====== Task data

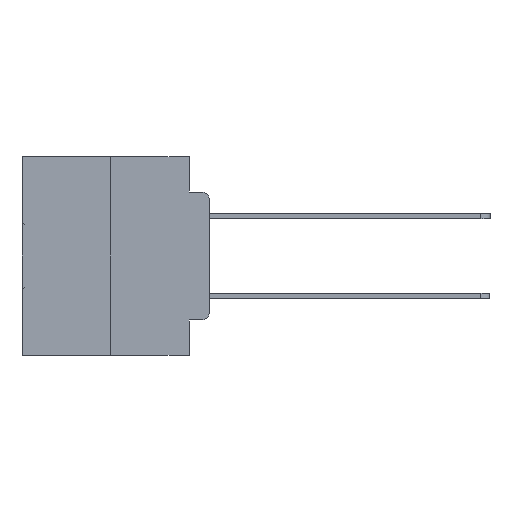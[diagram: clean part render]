
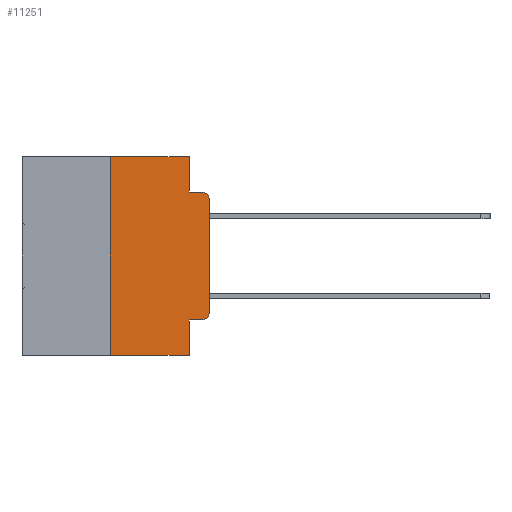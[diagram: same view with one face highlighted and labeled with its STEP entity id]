
A CAD part, left-side view. The second image highlights one B-rep face of the part: STEP entity #11251.
In plain terms, the highlighted planar face has unit normal (-1, 0, 0).
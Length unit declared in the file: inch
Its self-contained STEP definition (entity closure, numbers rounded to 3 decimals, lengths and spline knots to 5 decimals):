
#478 = CARTESIAN_POINT ( 'NONE',  ( 0., 0.473, -0.5 ) ) ;
#676 = ORIENTED_EDGE ( 'NONE', *, *, #18879, .F. ) ;
#1221 = LINE ( 'NONE', #29134, #28622 ) ;
#1623 = EDGE_CURVE ( 'NONE', #29952, #13473, #13009, .T. ) ;
#2027 = CARTESIAN_POINT ( 'NONE',  ( 0., 0.051, 0. ) ) ;
#2396 = LINE ( 'NONE', #25532, #33442 ) ;
#2772 = ORIENTED_EDGE ( 'NONE', *, *, #8899, .T. ) ;
#3266 = EDGE_CURVE ( 'NONE', #28814, #28771, #2396, .T. ) ;
#3774 = CARTESIAN_POINT ( 'NONE',  ( 0., 0.02, -0.3915 ) ) ;
#4700 = DIRECTION ( 'NONE',  ( 0., 0., -1. ) ) ;
#5453 = DIRECTION ( 'NONE',  ( -1., 0., 0. ) ) ;
#5889 = VECTOR ( 'NONE', #31706, 39.37008 ) ;
#5898 = VECTOR ( 'NONE', #22198, 39.37008 ) ;
#5905 = ORIENTED_EDGE ( 'NONE', *, *, #20017, .F. ) ;
#6502 = DIRECTION ( 'NONE',  ( 0., 0., -1. ) ) ;
#6504 = ORIENTED_EDGE ( 'NONE', *, *, #1623, .T. ) ;
#7426 = ORIENTED_EDGE ( 'NONE', *, *, #3266, .T. ) ;
#7563 = EDGE_CURVE ( 'NONE', #29952, #20437, #20053, .T. ) ;
#7656 = EDGE_LOOP ( 'NONE', ( #29775, #2772, #25546, #676, #20949, #27367, #6504, #5905, #7426, #28428 ) ) ;
#8056 = CARTESIAN_POINT ( 'NONE',  ( 0., 0., -0.3915 ) ) ;
#8179 = LINE ( 'NONE', #8964, #29273 ) ;
#8899 = EDGE_CURVE ( 'NONE', #31732, #12841, #21607, .T. ) ;
#8964 = CARTESIAN_POINT ( 'NONE',  ( 0., 0., 0. ) ) ;
#9931 = CARTESIAN_POINT ( 'NONE',  ( 0., 0.25, 0. ) ) ;
#11251 = ADVANCED_FACE ( 'NONE', ( #15714 ), #17424, .F. ) ;
#12541 = CARTESIAN_POINT ( 'NONE',  ( 0., 0.051, -0.0885 ) ) ;
#12581 = LINE ( 'NONE', #2027, #32767 ) ;
#12841 = VERTEX_POINT ( 'NONE', #13878 ) ;
#13009 = LINE ( 'NONE', #478, #5898 ) ;
#13357 = VECTOR ( 'NONE', #23890, 39.37008 ) ;
#13422 = DIRECTION ( 'NONE',  ( 0., 0., -1. ) ) ;
#13473 = VERTEX_POINT ( 'NONE', #20005 ) ;
#13725 = AXIS2_PLACEMENT_3D ( 'NONE', #31176, #15335, #33772 ) ;
#13878 = CARTESIAN_POINT ( 'NONE',  ( 0., 0.02, -0.0885 ) ) ;
#14027 = EDGE_CURVE ( 'NONE', #28771, #16447, #22585, .T. ) ;
#14294 = DIRECTION ( 'NONE',  ( 0., 0., 1. ) ) ;
#15335 = DIRECTION ( 'NONE',  ( 1., 0., 0. ) ) ;
#15613 = EDGE_CURVE ( 'NONE', #20437, #28712, #20412, .T. ) ;
#15714 = FACE_OUTER_BOUND ( 'NONE', #7656, .T. ) ;
#16048 = CARTESIAN_POINT ( 'NONE',  ( 0., 0.02, -0.4115 ) ) ;
#16447 = VERTEX_POINT ( 'NONE', #8056 ) ;
#16627 = AXIS2_PLACEMENT_3D ( 'NONE', #21394, #5453, #24019 ) ;
#16642 = EDGE_CURVE ( 'NONE', #16447, #31732, #8179, .T. ) ;
#17424 = PLANE ( 'NONE',  #13725 ) ;
#18504 = CARTESIAN_POINT ( 'NONE',  ( 0., 0.051, 0. ) ) ;
#18844 = CARTESIAN_POINT ( 'NONE',  ( 0., 0.051, -0.4115 ) ) ;
#18848 = VERTEX_POINT ( 'NONE', #12541 ) ;
#18879 = EDGE_CURVE ( 'NONE', #28712, #18848, #12581, .T. ) ;
#20005 = CARTESIAN_POINT ( 'NONE',  ( 0., 0.051, -0.5 ) ) ;
#20017 = EDGE_CURVE ( 'NONE', #28814, #13473, #1221, .T. ) ;
#20053 = LINE ( 'NONE', #34195, #5889 ) ;
#20412 = LINE ( 'NONE', #29099, #13357 ) ;
#20437 = VERTEX_POINT ( 'NONE', #9931 ) ;
#20949 = ORIENTED_EDGE ( 'NONE', *, *, #15613, .F. ) ;
#21394 = CARTESIAN_POINT ( 'NONE',  ( 0., 0.02, -0.1085 ) ) ;
#21607 = CIRCLE ( 'NONE', #16627, 0.02 ) ;
#22198 = DIRECTION ( 'NONE',  ( 0., -1., 0. ) ) ;
#22384 = DIRECTION ( 'NONE',  ( -1., 0., 0. ) ) ;
#22585 = CIRCLE ( 'NONE', #34266, 0.02 ) ;
#23242 = CARTESIAN_POINT ( 'NONE',  ( 0., 0.051, -0.0885 ) ) ;
#23496 = CARTESIAN_POINT ( 'NONE',  ( 0., 0., -0.1085 ) ) ;
#23890 = DIRECTION ( 'NONE',  ( 0., -1., 0. ) ) ;
#23972 = CARTESIAN_POINT ( 'NONE',  ( 0., 0.25, -0.5 ) ) ;
#24019 = DIRECTION ( 'NONE',  ( 0., 0., -1. ) ) ;
#24848 = EDGE_CURVE ( 'NONE', #18848, #12841, #28676, .T. ) ;
#25532 = CARTESIAN_POINT ( 'NONE',  ( 0., 0.051, -0.4115 ) ) ;
#25546 = ORIENTED_EDGE ( 'NONE', *, *, #24848, .F. ) ;
#27367 = ORIENTED_EDGE ( 'NONE', *, *, #7563, .F. ) ;
#27859 = VECTOR ( 'NONE', #28436, 39.37008 ) ;
#28190 = DIRECTION ( 'NONE',  ( 0., -1., 0. ) ) ;
#28428 = ORIENTED_EDGE ( 'NONE', *, *, #14027, .T. ) ;
#28436 = DIRECTION ( 'NONE',  ( 0., -1., 0. ) ) ;
#28622 = VECTOR ( 'NONE', #13422, 39.37008 ) ;
#28676 = LINE ( 'NONE', #23242, #27859 ) ;
#28712 = VERTEX_POINT ( 'NONE', #18504 ) ;
#28771 = VERTEX_POINT ( 'NONE', #16048 ) ;
#28814 = VERTEX_POINT ( 'NONE', #18844 ) ;
#29099 = CARTESIAN_POINT ( 'NONE',  ( 0., 0.473, 0. ) ) ;
#29134 = CARTESIAN_POINT ( 'NONE',  ( 0., 0.051, 0. ) ) ;
#29273 = VECTOR ( 'NONE', #14294, 39.37008 ) ;
#29775 = ORIENTED_EDGE ( 'NONE', *, *, #16642, .T. ) ;
#29952 = VERTEX_POINT ( 'NONE', #23972 ) ;
#31176 = CARTESIAN_POINT ( 'NONE',  ( 0., 0.473, 0. ) ) ;
#31706 = DIRECTION ( 'NONE',  ( 0., 0., 1. ) ) ;
#31732 = VERTEX_POINT ( 'NONE', #23496 ) ;
#32767 = VECTOR ( 'NONE', #4700, 39.37008 ) ;
#33442 = VECTOR ( 'NONE', #28190, 39.37008 ) ;
#33772 = DIRECTION ( 'NONE',  ( 0., 0., -1. ) ) ;
#34195 = CARTESIAN_POINT ( 'NONE',  ( 0., 0.25, 0. ) ) ;
#34266 = AXIS2_PLACEMENT_3D ( 'NONE', #3774, #22384, #6502 ) ;

============

## Problem description
Taking the line with "#31176 = CARTESIAN_POINT" as the start and the last line of the data above as the end, write out those two lines and every line between them exactly, and only those.

## Reply
#31176 = CARTESIAN_POINT ( 'NONE',  ( 0., 0.473, 0. ) ) ;
#31706 = DIRECTION ( 'NONE',  ( 0., 0., 1. ) ) ;
#31732 = VERTEX_POINT ( 'NONE', #23496 ) ;
#32767 = VECTOR ( 'NONE', #4700, 39.37008 ) ;
#33442 = VECTOR ( 'NONE', #28190, 39.37008 ) ;
#33772 = DIRECTION ( 'NONE',  ( 0., 0., -1. ) ) ;
#34195 = CARTESIAN_POINT ( 'NONE',  ( 0., 0.25, 0. ) ) ;
#34266 = AXIS2_PLACEMENT_3D ( 'NONE', #3774, #22384, #6502 ) ;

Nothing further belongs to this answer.